Celui qui diagnostique les maladies et qui administre les remèdes, c’est le médecin. Qu’il s’agisse d’un médecin de la tradition bouddhique tibétaine ou d’un médecin occidental, cela ne fait guère de différence. Il faut de toute façon qu’il ait parfaitement étudié la science médicale, les remèdes, et qu’il ait acquis une connaissance pratique.
Toutefois, si la connaissance théorique et pratique est très importante, le médecin doit avoir aussi et surtout de l’amour et de la compassion. Il doit avoir compris que tous les êtres ont été nos mères et nos pères dans les vies passées, un très grand nombre de fois, et qu’ils ont tous eu alors pour nous le même amour, la même sollicitude, que nos pères et mères de cette vie.
Pourtant, tous ces êtres errent maintenant dans le samsara et souffrent de différentes manières.

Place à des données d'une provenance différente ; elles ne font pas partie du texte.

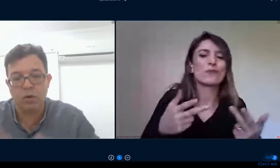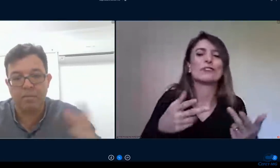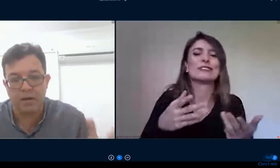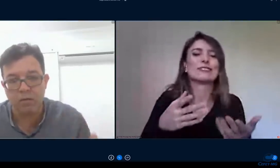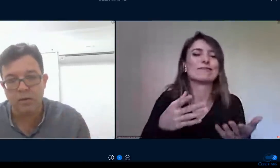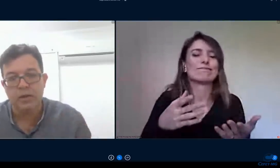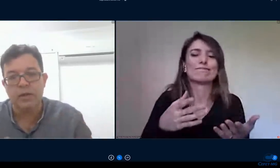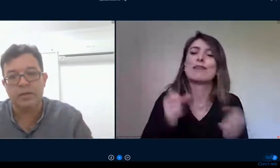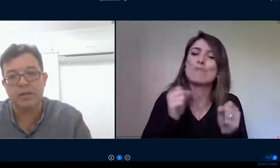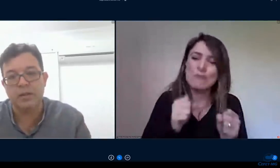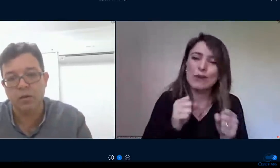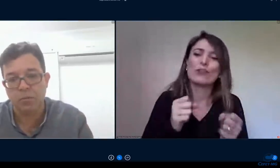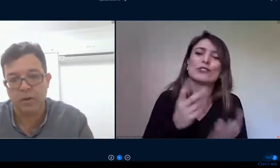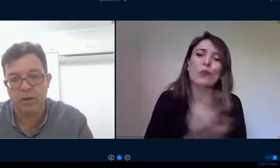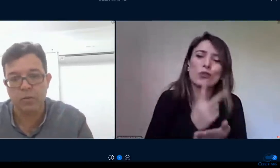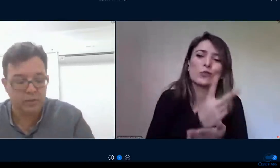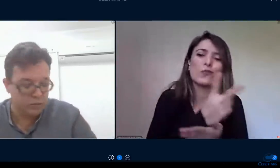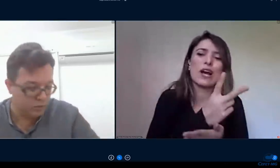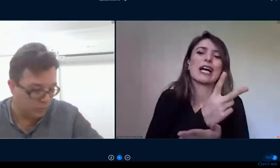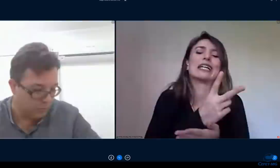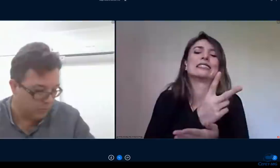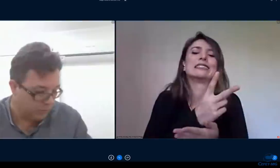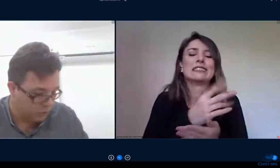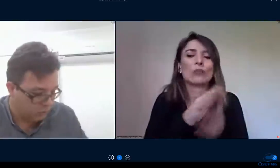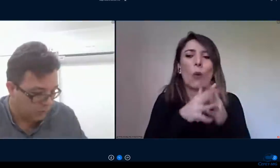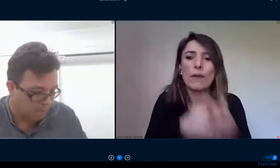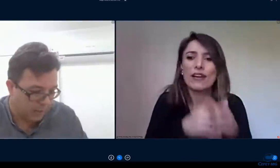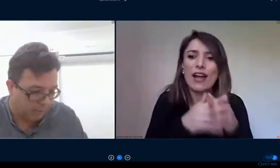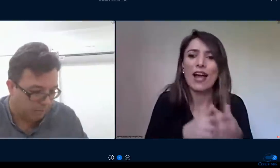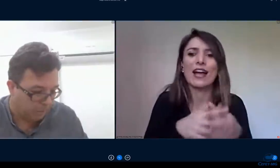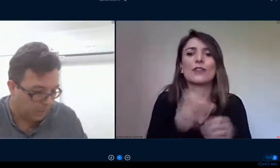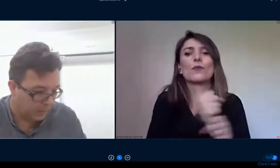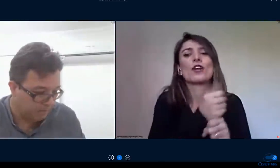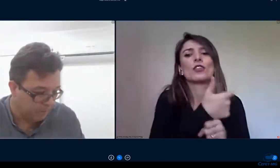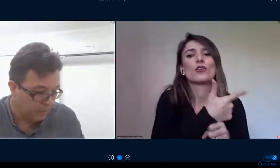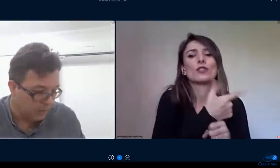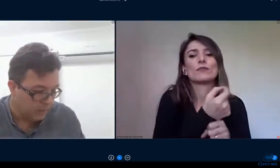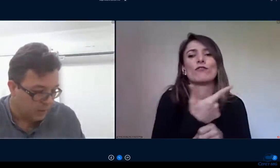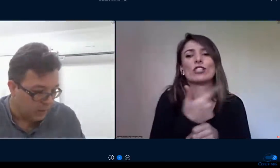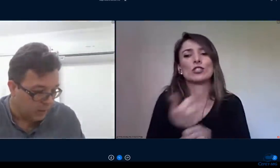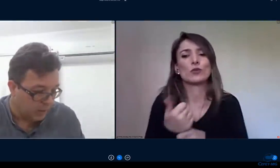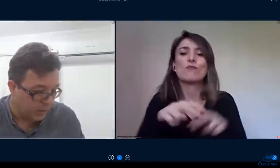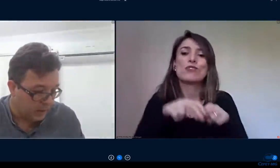global tentando incorporar o ano de 2021 também né

Dans les vies antérieures, tous les êtres ont accumulé différents karmas en accomplissant différents actes positifs et négatifs. La qualité du karma de chacun varie selon ce mélange de négatif et de positif. Cependant, tous ceux qui ont maintenant repris naissance humaine ont un karma plutôt positif puisqu’ils ont obtenu cette naissance humaine qui est un bon support d’existence.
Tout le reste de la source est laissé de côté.